To enforce the order of execution of sequences of instructions (to prevent out-of-order execution changing the meaning of code).

To align code/data on an appropriate boundary

To synchronize events

Not all NOPs are equal, and it was this thought that drove me to write this note. The MIPS RISC has a NOP. However, on closer examination, the NOPs is really a pseudo-operation. So, in order to do nothing, the MIPS processor does a different nothing to the same effect, since all nothings are the same. Or are they?

When you write NOP in MIPS code it is translated to ssl $r0,$r0,0 which means shift register r0 left zero places and put the result in $r0. Since $r0 is hardwired to zero, this instruction has no effect and can be treated as a no operation. Moreover, since the numeric value for this is 0x00000000 (all zeros) it means that non-initialized memory will be treated as NOPs. However, such NOPs are accidental, they were not put there by a programmer but are being executed because an error has occurred and the processor is responding by merrily skipping through a field of NOPs.

ARM code can use   ANDEQ r0,r0,r0 which has an all zeros op-code like MIPS or  mov r0,r0 which is encoded as 0xE1A00000.

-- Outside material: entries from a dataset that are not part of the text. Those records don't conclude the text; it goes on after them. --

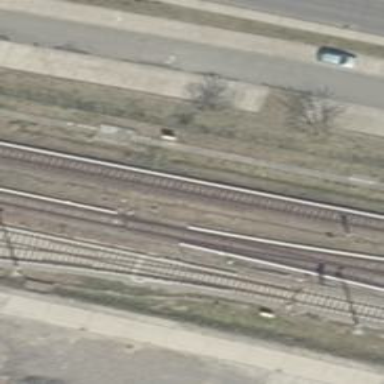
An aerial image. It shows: Rail line with bottom electrification.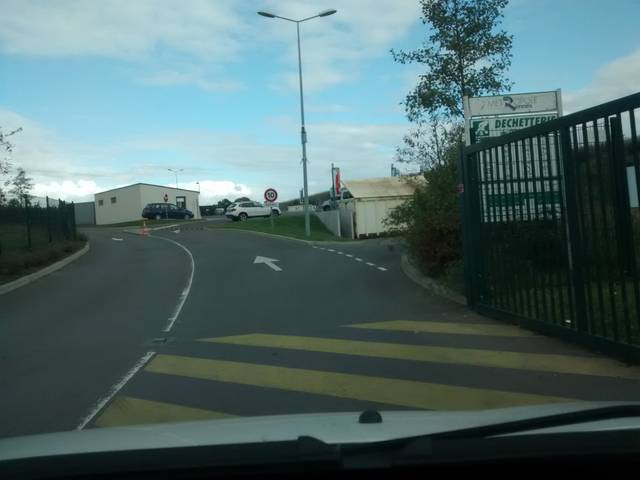
Region: France
Coordinates: 48.106, -1.603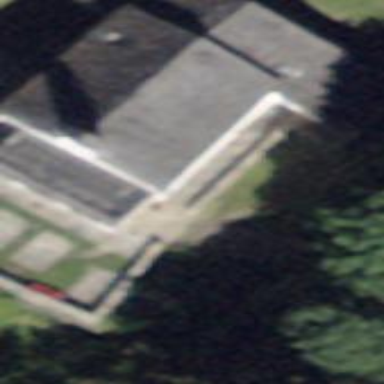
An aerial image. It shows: Building that serves as place of worship.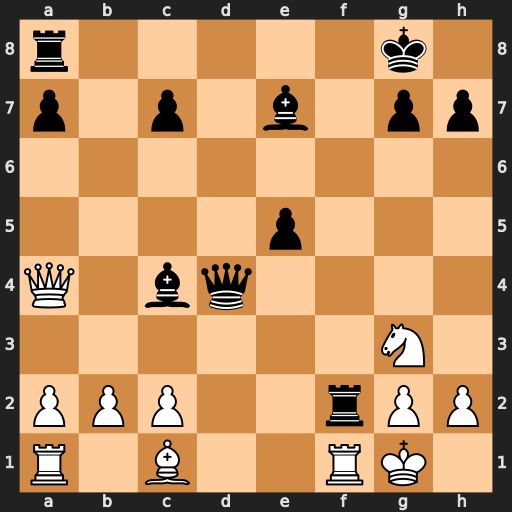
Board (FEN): r5k1/p1p1b1pp/8/4p3/Q1bq4/6N1/PPP2rPP/R1B2RK1
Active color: w
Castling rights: -
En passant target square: -
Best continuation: Rxf2 Qd1+ Nf1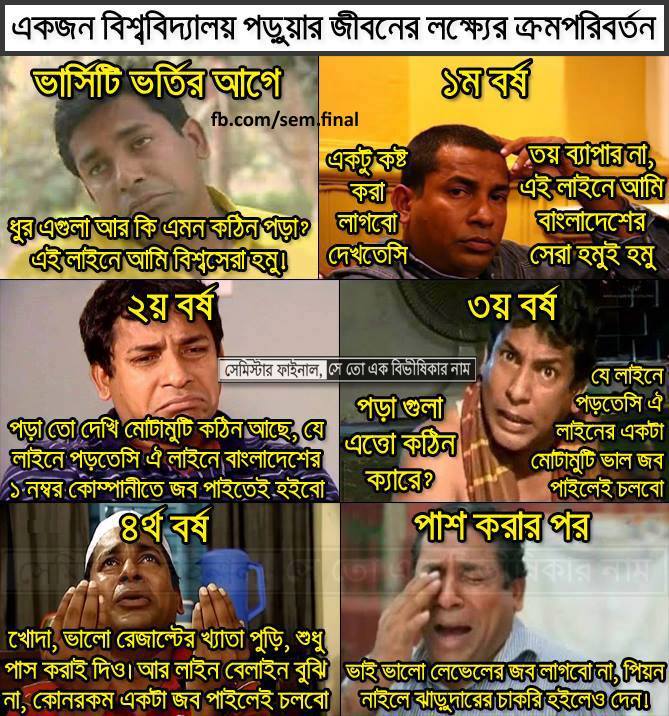
Caption: একজন বিশ্ববিদ্যালয় পড়ুয়ার জীবনের লক্ষ্যের ক্রমপরিবর্তন ভার্সিটি ভর্তির আগে ধুর এগুলা আর কি এমন কঠিন পড়া? এই লাইনে আমি বিশ্বসেরা হমু!  ১ম বর্ষ একটু কষ্ট করা লাগবে দেখতেসি তয় ব্যাপার না,এই লাইনে আমি বাংলাদেশের সেরা হমুই হমু ২য় বর্ষ পড়া তো দেখি মোটামুটি কঠিন আছে, যে লাইনে পড়তেসি ঐ লাইনে বাংলাদেশের ১ নম্বর কোম্পানিতে জব পাইলেই হইবো ৩য় বর্ষ পড়া এগুলা এত্তো কঠিন ক্যারে?  যে লাইনে পড়তেসি ঐ লাইনের মোটামোটি ভাল জব পাইলেই চলবো ৪র্থ বর্ষ খোদা,ভালো রেজাল্টের খ্যাতা পুড়ি,শুধু পাস করাই দিও। আর লাইন বেলাইন বুঝি না,কোনরকম একটা জব পাইলেই চলবো পাশ করার পর ভাই ভাল লেভেলের জব লাগবো না,পিয়ন নাইলে ঝাড়ুদারের চাকরি হইলেও দেন!
Label: hate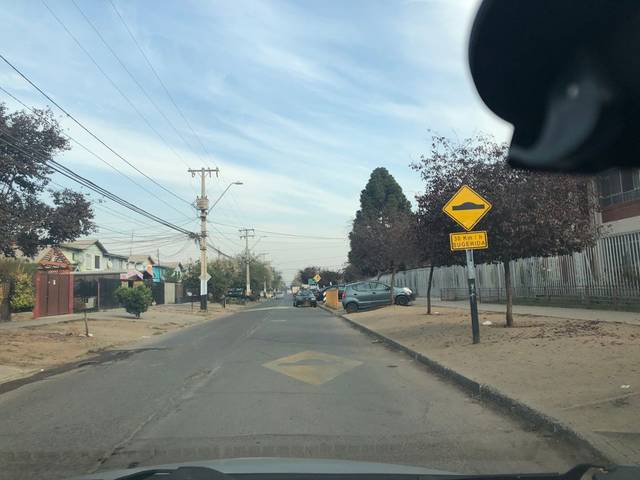
Region: Chile
Coordinates: -33.584, -70.553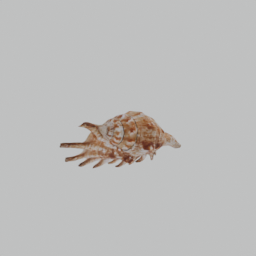
Label: animals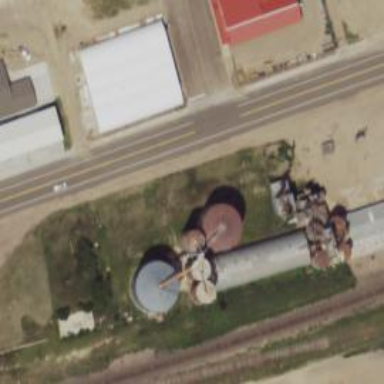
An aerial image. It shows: Silo.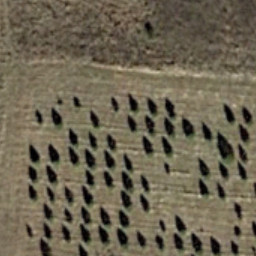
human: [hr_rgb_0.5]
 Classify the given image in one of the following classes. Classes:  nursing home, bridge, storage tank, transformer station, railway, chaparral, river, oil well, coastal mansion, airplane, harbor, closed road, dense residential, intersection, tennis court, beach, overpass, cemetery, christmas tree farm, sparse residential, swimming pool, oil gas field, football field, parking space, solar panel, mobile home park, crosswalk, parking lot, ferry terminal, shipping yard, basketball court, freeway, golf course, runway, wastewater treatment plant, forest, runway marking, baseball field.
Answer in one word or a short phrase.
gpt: christmas tree farm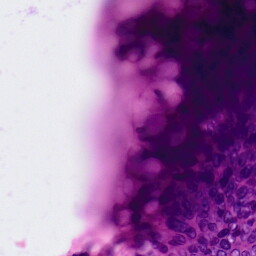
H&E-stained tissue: Colon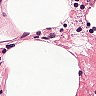
Metastatic tissue present: no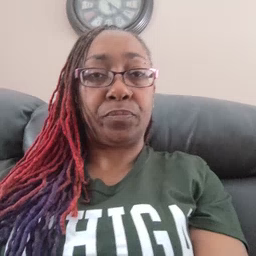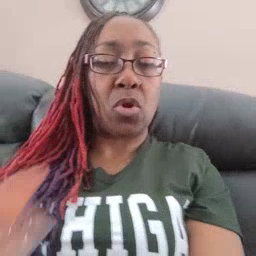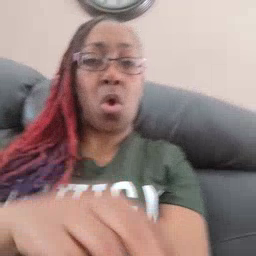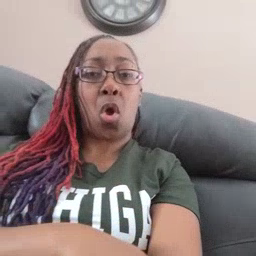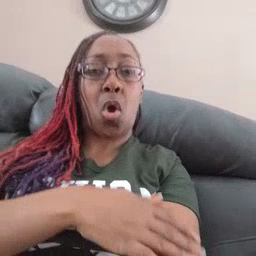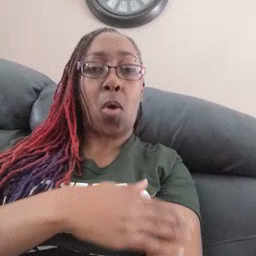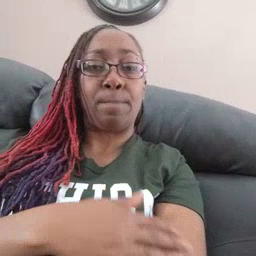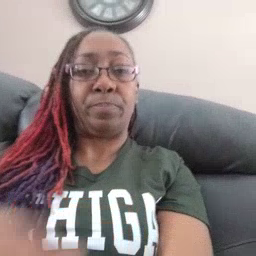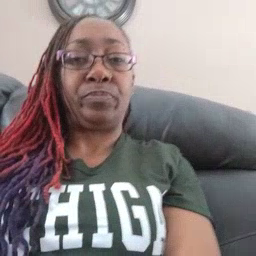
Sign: arm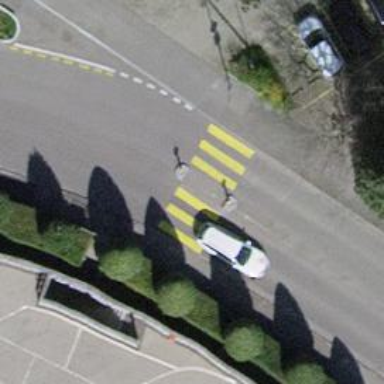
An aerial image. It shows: Marked zebra crossing on the road.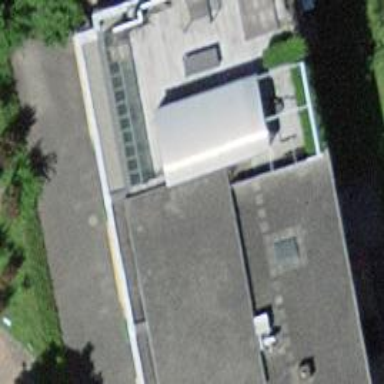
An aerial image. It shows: Building with flat roof.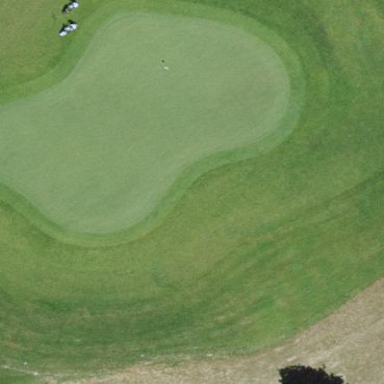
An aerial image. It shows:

I feel that a true NOP should have a unique op-code. Moreover, it should, ideally, have a parameter that is ignored by the processor but which can be used when either tracing the code or debugging the system.

The most intriguing NOP I ever encountered was the Itanium NOP, for two reasons. First, the Itanium is a VLIW processor and bundles of instructions are executed in parallel. The instructions of a bungle to be executed are selected by the programmer or assembler/compiler.  In Itanium assembly language a suffix can be assigned to an operation to define which of the parallel using is going to handle it (e.g., memory, integer, floating-point). The NOP can be processed either by an integer unit or by a memory unit.’ For example; NOP.i would be executed by the integer unit and NOP.m would be executed by the memory unit. It’s really like deciding who gets to feed an invisible friend.

An even more fascinating concept arises in the case of predicated processors like the ARM and Itanium. Consider the ARM predicated form of the no operation and NOPNE. When this instruction is decoded and sent for execution, the predication marker, NE, signifies not zero. So, if the previous condition code was zero, the predicated instruction is not executed. If the previous condition code was not zero, the NOP is executed ad nothing happens.

Finally, what is the perfect NOP? Apart from having its intended effect (incrementing the PC) and leaving the processor status unmodified, it should have a unique op-code that will never change in future generations of the processor and, ideally, a user-defined field that can be detected in memory dumps during debugging and tracing.